As part of our inspection we reviewed the support plans of three people living in the home. We spoke with two people who used the service and four members of staff. This included the registered manager, senior support worker and support staff. We spoke with two healthcare professionals. We also reviewed other records relating to the running of the home such as quality monitoring documents, complaints and medicines records.
Updated
5 October 2017
The inspection took place on 31 August 2017. This was an unannounced inspection. Our last comprehensive inspection took place in July 2016. No breaches of regulation were found at this time, however the service was rated as requires improvement.
The service provides care and accommodation for up to seven people with learning disabilities. At the time of our inspection there were six people living at the home.
There was a registered manager in place at the service. A registered manager is a person who has registered with the Care Quality Commission to manage the service. Like registered providers, they are ‘registered persons’. Registered persons have legal responsibility for meeting the requirements in the Health and Social Care Act 2008 and associated Regulations about how the service is run.
People’s rights were mostly protected in line with the Mental Capacity Act 2005 (MCA), however we did find occasions where the best interests decision making process had not been followed as it should. We also saw that for some decisions, staff were unable to find records of decisions that they said they had made using the MCA. This was an area of the service that required improvement.
Since our last inspection, the registered manager had made improvements to the outside environment; however further work was required to make sure it was fully suited to the needs of people in the home. The registered manager told us they had addressed this with the organisation.
We found that people received good care at the home and their needs were met by staff who were well trained and supported. Staff told us they had received the training they needed to meet people’s complex health needs. Staff confirmed they received regular supervision as an opportunity to discuss their performance and development needs.
Staff supported people in a kind and caring manner and were respectful in their communication. Staff used visual prompts to help people make choices. People were involved in giving their views and opinions about how the service should develop.
People using the service were safe because there were sufficient staff on duty to meet their needs.
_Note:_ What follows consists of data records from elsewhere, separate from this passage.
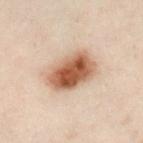* follow-up · total-body-photography surveillance lesion; no biopsy
* diameter · ~6 mm (longest diameter)
* illumination · cross-polarized illumination
* subject · male, aged 48 to 52
* site · the left leg
* image-analysis metrics · an outline eccentricity of about 0.8 (0 = round, 1 = elongated); border irregularity of about 1.5 on a 0–10 scale, a color-variation rating of about 6/10, and radial color variation of about 2
* imaging modality · ~15 mm crop, total-body skin-cancer survey
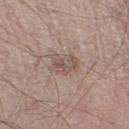Q: Was a biopsy performed?
A: catalogued during a skin exam; not biopsied
Q: Lesion size?
A: ≈3.5 mm
Q: Who is the patient?
A: male, in their 60s
Q: What is the imaging modality?
A: total-body-photography crop, ~15 mm field of view
Q: What did automated image analysis measure?
A: a nevus-likeness score of about 0/100 and a lesion-detection confidence of about 100/100
Q: Where on the body is the lesion?
A: the leg
Q: What lighting was used for the tile?
A: white-light
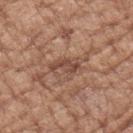Impression: The lesion was photographed on a routine skin check and not biopsied; there is no pathology result. Acquisition and patient details: A female patient, approximately 75 years of age. Located on the left upper arm. A region of skin cropped from a whole-body photographic capture, roughly 15 mm wide.
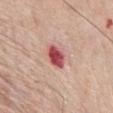follow-up — catalogued during a skin exam; not biopsied | image — ~15 mm crop, total-body skin-cancer survey | lesion size — ≈3.5 mm | lighting — white-light illumination | site — the chest | patient — male, about 80 years old.
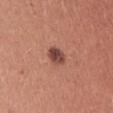This lesion was catalogued during total-body skin photography and was not selected for biopsy. The recorded lesion diameter is about 2.5 mm. A 15 mm close-up tile from a total-body photography series done for melanoma screening. From the abdomen. The lesion-visualizer software estimated a shape-asymmetry score of about 0.2 (0 = symmetric). A male patient aged 43–47.
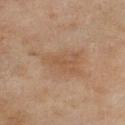Recorded during total-body skin imaging; not selected for excision or biopsy. A female patient approximately 60 years of age. A 15 mm crop from a total-body photograph taken for skin-cancer surveillance. The lesion is on the left lower leg.
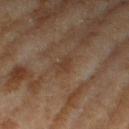Q: What are the patient's age and sex?
A: female, roughly 60 years of age
Q: What kind of image is this?
A: 15 mm crop, total-body photography
Q: Illumination type?
A: cross-polarized illumination
Q: Lesion location?
A: the right thigh
Q: Automated lesion metrics?
A: a footprint of about 2.5 mm², an eccentricity of roughly 0.85, and a shape-asymmetry score of about 0.3 (0 = symmetric); a lesion color around L≈34 a*≈16 b*≈26 in CIELAB; an automated nevus-likeness rating near 0 out of 100
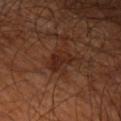Acquisition and patient details:
About 3 mm across. Located on the left upper arm. A male patient aged 43 to 47. This image is a 15 mm lesion crop taken from a total-body photograph. Imaged with cross-polarized lighting.
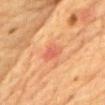Assessment: No biopsy was performed on this lesion — it was imaged during a full skin examination and was not determined to be concerning. Acquisition and patient details: From the chest. Measured at roughly 2.5 mm in maximum diameter. A male patient approximately 85 years of age or older. A 15 mm close-up extracted from a 3D total-body photography capture.
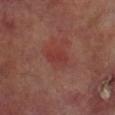biopsy status: no biopsy performed (imaged during a skin exam); body site: the right lower leg; image: ~15 mm crop, total-body skin-cancer survey; patient: male, aged 68 to 72; lighting: cross-polarized; diameter: about 2.5 mm.
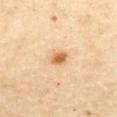No biopsy was performed on this lesion — it was imaged during a full skin examination and was not determined to be concerning.
Imaged with cross-polarized lighting.
About 2.5 mm across.
A roughly 15 mm field-of-view crop from a total-body skin photograph.
The patient is a male in their 70s.
Located on the abdomen.
Automated image analysis of the tile measured a footprint of about 4 mm², an eccentricity of roughly 0.7, and two-axis asymmetry of about 0.2.
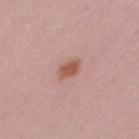automated lesion analysis: a lesion area of about 4 mm² and an outline eccentricity of about 0.75 (0 = round, 1 = elongated); a lesion color around L≈55 a*≈24 b*≈27 in CIELAB, roughly 11 lightness units darker than nearby skin, and a lesion-to-skin contrast of about 8.5 (normalized; higher = more distinct); a nevus-likeness score of about 95/100
patient: female, aged approximately 45
site: the right upper arm
illumination: white-light illumination
image source: ~15 mm crop, total-body skin-cancer survey
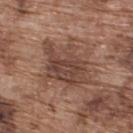workup: total-body-photography surveillance lesion; no biopsy.
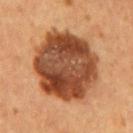Recorded during total-body skin imaging; not selected for excision or biopsy. Automated image analysis of the tile measured a footprint of about 50 mm² and an eccentricity of roughly 0.65. It also reported a border-irregularity index near 1.5/10 and internal color variation of about 8 on a 0–10 scale. And it measured an automated nevus-likeness rating near 35 out of 100. A 15 mm close-up tile from a total-body photography series done for melanoma screening. Located on the mid back. Measured at roughly 10 mm in maximum diameter. A male subject, approximately 55 years of age. The tile uses cross-polarized illumination.
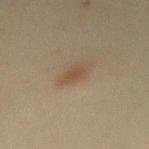biopsy status: no biopsy performed (imaged during a skin exam).
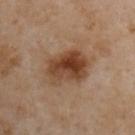Q: Was a biopsy performed?
A: no biopsy performed (imaged during a skin exam)
Q: What did automated image analysis measure?
A: a symmetry-axis asymmetry near 0.2; an average lesion color of about L≈42 a*≈20 b*≈31 (CIELAB); a nevus-likeness score of about 95/100 and lesion-presence confidence of about 100/100
Q: Patient demographics?
A: male, in their mid-50s
Q: How was this image acquired?
A: 15 mm crop, total-body photography
Q: How large is the lesion?
A: ≈5 mm
Q: What is the anatomic site?
A: the right upper arm
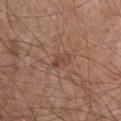Recorded during total-body skin imaging; not selected for excision or biopsy. This is a white-light tile. About 3 mm across. On the front of the torso. Cropped from a whole-body photographic skin survey; the tile spans about 15 mm. A male subject roughly 65 years of age.
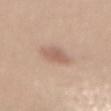biopsy_status: not biopsied; imaged during a skin examination
automated_metrics:
  area_mm2_approx: 5.5
  shape_asymmetry: 0.3
  cielab_L: 59
  cielab_a: 19
  cielab_b: 27
  vs_skin_darker_L: 9.0
  vs_skin_contrast_norm: 6.0
patient:
  sex: female
  age_approx: 35
lesion_size:
  long_diameter_mm_approx: 3.0
image:
  source: total-body photography crop
  field_of_view_mm: 15
site: mid back
lighting: white-light
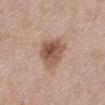{
  "biopsy_status": "not biopsied; imaged during a skin examination",
  "lighting": "white-light",
  "site": "left lower leg",
  "patient": {
    "sex": "female",
    "age_approx": 40
  },
  "image": {
    "source": "total-body photography crop",
    "field_of_view_mm": 15
  }
}
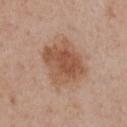| feature | finding |
|---|---|
| notes | no biopsy performed (imaged during a skin exam) |
| subject | female, approximately 55 years of age |
| tile lighting | white-light |
| location | the chest |
| size | about 5.5 mm |
| image | 15 mm crop, total-body photography |
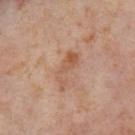Captured during whole-body skin photography for melanoma surveillance; the lesion was not biopsied. The lesion is on the right thigh. A 15 mm close-up extracted from a 3D total-body photography capture. A female patient, approximately 55 years of age. Captured under cross-polarized illumination. Longest diameter approximately 5 mm.
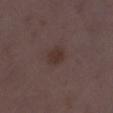follow-up: total-body-photography surveillance lesion; no biopsy
automated metrics: a mean CIELAB color near L≈32 a*≈15 b*≈19, about 6 CIELAB-L* units darker than the surrounding skin, and a normalized lesion–skin contrast near 7.5
acquisition: ~15 mm crop, total-body skin-cancer survey
anatomic site: the left thigh
subject: female, in their mid-30s
lighting: white-light
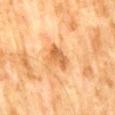{
  "biopsy_status": "not biopsied; imaged during a skin examination",
  "site": "front of the torso",
  "image": {
    "source": "total-body photography crop",
    "field_of_view_mm": 15
  },
  "patient": {
    "sex": "male",
    "age_approx": 60
  }
}
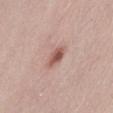Imaged during a routine full-body skin examination; the lesion was not biopsied and no histopathology is available.
A roughly 15 mm field-of-view crop from a total-body skin photograph.
This is a white-light tile.
An algorithmic analysis of the crop reported an outline eccentricity of about 0.85 (0 = round, 1 = elongated) and a symmetry-axis asymmetry near 0.2. And it measured a lesion color around L≈55 a*≈23 b*≈25 in CIELAB, roughly 13 lightness units darker than nearby skin, and a normalized border contrast of about 8.5. The software also gave border irregularity of about 2 on a 0–10 scale, a color-variation rating of about 3.5/10, and radial color variation of about 1.
The patient is a female aged around 30.
The lesion is located on the abdomen.
The recorded lesion diameter is about 3 mm.
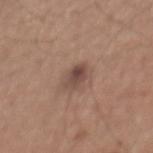The lesion was tiled from a total-body skin photograph and was not biopsied. This image is a 15 mm lesion crop taken from a total-body photograph. The subject is a male aged 63 to 67. The lesion is located on the mid back. Approximately 3 mm at its widest. This is a white-light tile.
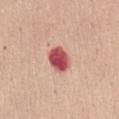Clinical impression: Recorded during total-body skin imaging; not selected for excision or biopsy. Clinical summary: Automated image analysis of the tile measured an area of roughly 7.5 mm² and an outline eccentricity of about 0.7 (0 = round, 1 = elongated). The analysis additionally found a mean CIELAB color near L≈53 a*≈35 b*≈24, roughly 19 lightness units darker than nearby skin, and a normalized border contrast of about 12. The subject is a female aged around 50. The lesion is on the abdomen. A lesion tile, about 15 mm wide, cut from a 3D total-body photograph. Imaged with white-light lighting. Approximately 3.5 mm at its widest.
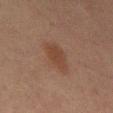Clinical impression:
Imaged during a routine full-body skin examination; the lesion was not biopsied and no histopathology is available.
Background:
The lesion is on the mid back. Automated tile analysis of the lesion measured a footprint of about 6.5 mm². It also reported about 6 CIELAB-L* units darker than the surrounding skin and a normalized lesion–skin contrast near 6.5. The tile uses cross-polarized illumination. A 15 mm close-up extracted from a 3D total-body photography capture. A male patient about 65 years old.
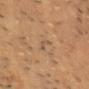Captured during whole-body skin photography for melanoma surveillance; the lesion was not biopsied.
The total-body-photography lesion software estimated a symmetry-axis asymmetry near 0.5.
The lesion's longest dimension is about 2.5 mm.
The lesion is located on the chest.
The tile uses cross-polarized illumination.
A close-up tile cropped from a whole-body skin photograph, about 15 mm across.
The patient is a male about 85 years old or older.
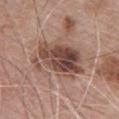- notes: catalogued during a skin exam; not biopsied
- subject: male, aged 63–67
- lesion diameter: ≈7 mm
- body site: the chest
- image source: ~15 mm crop, total-body skin-cancer survey
- illumination: white-light
- automated lesion analysis: an area of roughly 22 mm², an outline eccentricity of about 0.75 (0 = round, 1 = elongated), and a symmetry-axis asymmetry near 0.25; border irregularity of about 4 on a 0–10 scale and radial color variation of about 3
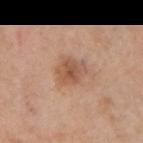| feature | finding |
|---|---|
| follow-up | catalogued during a skin exam; not biopsied |
| tile lighting | white-light illumination |
| acquisition | ~15 mm crop, total-body skin-cancer survey |
| patient | female, in their mid- to late 60s |
| location | the arm |
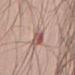notes: imaged on a skin check; not biopsied
image-analysis metrics: an area of roughly 9.5 mm², an outline eccentricity of about 0.85 (0 = round, 1 = elongated), and two-axis asymmetry of about 0.35
imaging modality: total-body-photography crop, ~15 mm field of view
site: the right upper arm
subject: male, aged around 50
lighting: white-light illumination
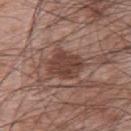biopsy_status: not biopsied; imaged during a skin examination
site: upper back
lesion_size:
  long_diameter_mm_approx: 4.5
image:
  source: total-body photography crop
  field_of_view_mm: 15
patient:
  sex: male
  age_approx: 65
lighting: white-light
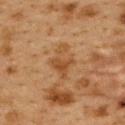Captured during whole-body skin photography for melanoma surveillance; the lesion was not biopsied. This is a cross-polarized tile. A female subject, in their 40s. The lesion is located on the upper back. About 4 mm across. A region of skin cropped from a whole-body photographic capture, roughly 15 mm wide. An algorithmic analysis of the crop reported a lesion-detection confidence of about 100/100.
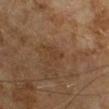biopsy status: no biopsy performed (imaged during a skin exam)
subject: male, aged 63–67
lesion size: ≈2.5 mm
imaging modality: ~15 mm tile from a whole-body skin photo
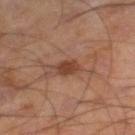No biopsy was performed on this lesion — it was imaged during a full skin examination and was not determined to be concerning.
A male patient in their mid-50s.
Automated tile analysis of the lesion measured a lesion area of about 4 mm², a shape eccentricity near 0.6, and a symmetry-axis asymmetry near 0.15. The analysis additionally found a mean CIELAB color near L≈39 a*≈21 b*≈28 and roughly 9 lightness units darker than nearby skin.
Cropped from a whole-body photographic skin survey; the tile spans about 15 mm.
About 2.5 mm across.
On the right lower leg.
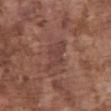| feature | finding |
|---|---|
| workup | catalogued during a skin exam; not biopsied |
| lesion size | about 4 mm |
| lighting | white-light illumination |
| subject | male, aged around 75 |
| location | the abdomen |
| automated metrics | a footprint of about 7.5 mm² and a shape eccentricity near 0.8; an average lesion color of about L≈41 a*≈21 b*≈23 (CIELAB) and a lesion-to-skin contrast of about 5.5 (normalized; higher = more distinct); a lesion-detection confidence of about 95/100 |
| acquisition | 15 mm crop, total-body photography |
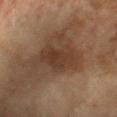{"biopsy_status": "not biopsied; imaged during a skin examination", "image": {"source": "total-body photography crop", "field_of_view_mm": 15}, "lighting": "cross-polarized", "lesion_size": {"long_diameter_mm_approx": 4.0}, "patient": {"sex": "female", "age_approx": 70}, "site": "left forearm"}
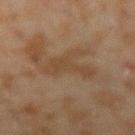- notes: catalogued during a skin exam; not biopsied
- subject: male, aged 43–47
- illumination: cross-polarized
- image-analysis metrics: a lesion area of about 7 mm², a shape eccentricity near 0.85, and a shape-asymmetry score of about 0.65 (0 = symmetric); an average lesion color of about L≈35 a*≈14 b*≈25 (CIELAB) and roughly 5 lightness units darker than nearby skin; a classifier nevus-likeness of about 0/100 and a lesion-detection confidence of about 100/100
- image source: 15 mm crop, total-body photography
- anatomic site: the right forearm
- diameter: ≈4.5 mm
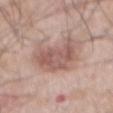The lesion was photographed on a routine skin check and not biopsied; there is no pathology result.
A male subject, approximately 60 years of age.
From the abdomen.
The total-body-photography lesion software estimated a footprint of about 17 mm², an outline eccentricity of about 0.65 (0 = round, 1 = elongated), and a shape-asymmetry score of about 0.35 (0 = symmetric). And it measured a mean CIELAB color near L≈56 a*≈20 b*≈24 and a normalized border contrast of about 7.
A close-up tile cropped from a whole-body skin photograph, about 15 mm across.
Captured under white-light illumination.
Longest diameter approximately 6.5 mm.
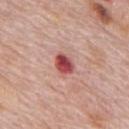Assessment:
The lesion was tiled from a total-body skin photograph and was not biopsied.
Clinical summary:
Automated tile analysis of the lesion measured a footprint of about 5 mm² and a symmetry-axis asymmetry near 0.25. And it measured roughly 17 lightness units darker than nearby skin and a lesion-to-skin contrast of about 11.5 (normalized; higher = more distinct). It also reported a within-lesion color-variation index near 5/10 and radial color variation of about 2. The lesion's longest dimension is about 3 mm. A male subject, aged around 75. Cropped from a whole-body photographic skin survey; the tile spans about 15 mm. Located on the back.
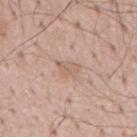biopsy status: catalogued during a skin exam; not biopsied | subject: male, approximately 60 years of age | size: about 2.5 mm | body site: the mid back | imaging modality: total-body-photography crop, ~15 mm field of view.
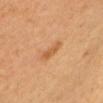Assessment:
Part of a total-body skin-imaging series; this lesion was reviewed on a skin check and was not flagged for biopsy.
Acquisition and patient details:
On the head or neck. Imaged with cross-polarized lighting. A male subject aged approximately 65. Cropped from a whole-body photographic skin survey; the tile spans about 15 mm. The lesion-visualizer software estimated an area of roughly 4.5 mm², an outline eccentricity of about 0.8 (0 = round, 1 = elongated), and two-axis asymmetry of about 0.3. It also reported a lesion–skin lightness drop of about 7 and a normalized lesion–skin contrast near 6. And it measured radial color variation of about 0.5.
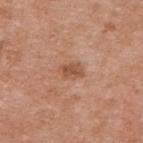Recorded during total-body skin imaging; not selected for excision or biopsy.
An algorithmic analysis of the crop reported an area of roughly 4 mm², an eccentricity of roughly 0.8, and a symmetry-axis asymmetry near 0.2. The analysis additionally found an average lesion color of about L≈53 a*≈23 b*≈33 (CIELAB), about 9 CIELAB-L* units darker than the surrounding skin, and a normalized border contrast of about 7. The software also gave a classifier nevus-likeness of about 35/100.
A male subject, approximately 55 years of age.
Captured under white-light illumination.
A close-up tile cropped from a whole-body skin photograph, about 15 mm across.
The lesion is located on the upper back.
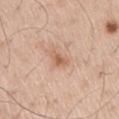Notes:
• workup · catalogued during a skin exam; not biopsied
• automated lesion analysis · a shape eccentricity near 0.9; a border-irregularity rating of about 3.5/10, a color-variation rating of about 1/10, and peripheral color asymmetry of about 0.5; an automated nevus-likeness rating near 10 out of 100 and lesion-presence confidence of about 100/100
• image · total-body-photography crop, ~15 mm field of view
• anatomic site · the leg
• illumination · white-light illumination
• lesion diameter · about 3 mm
• patient · male, about 60 years old
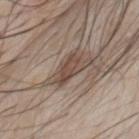<case>
  <biopsy_status>not biopsied; imaged during a skin examination</biopsy_status>
  <lesion_size>
    <long_diameter_mm_approx>4.0</long_diameter_mm_approx>
  </lesion_size>
  <lighting>white-light</lighting>
  <patient>
    <sex>male</sex>
    <age_approx>60</age_approx>
  </patient>
  <image>
    <source>total-body photography crop</source>
    <field_of_view_mm>15</field_of_view_mm>
  </image>
  <site>chest</site>
  <automated_metrics>
    <nevus_likeness_0_100>60</nevus_likeness_0_100>
    <lesion_detection_confidence_0_100>90</lesion_detection_confidence_0_100>
  </automated_metrics>
</case>

Staff had been trained in safeguarding vulnerable adults and were confident about reporting any concerns.
The service was responsive to people’s needs. People had clear support plans in place to describe how people should be supported. These were person centred in nature. Staff were knowledgeable about the people they supported and there was a keyworker system in place. This provided opportunity for people to build strong relationships with staff.
There was a system in place to respond to complaints. Any learning points from complaints were addressed with staff.
The home was well led. Staff were positive about the support they received and told us communication was good. Team meetings and shift handovers took place as a means of ensuring staff were aware of important information and developments in the service.
There were systems in place to monitor the quality and safety of the service provided. In the last 18 months, the provider had recognised that improvements to the service were required and an action plan had been devised. We saw that progress with the action plan was being made.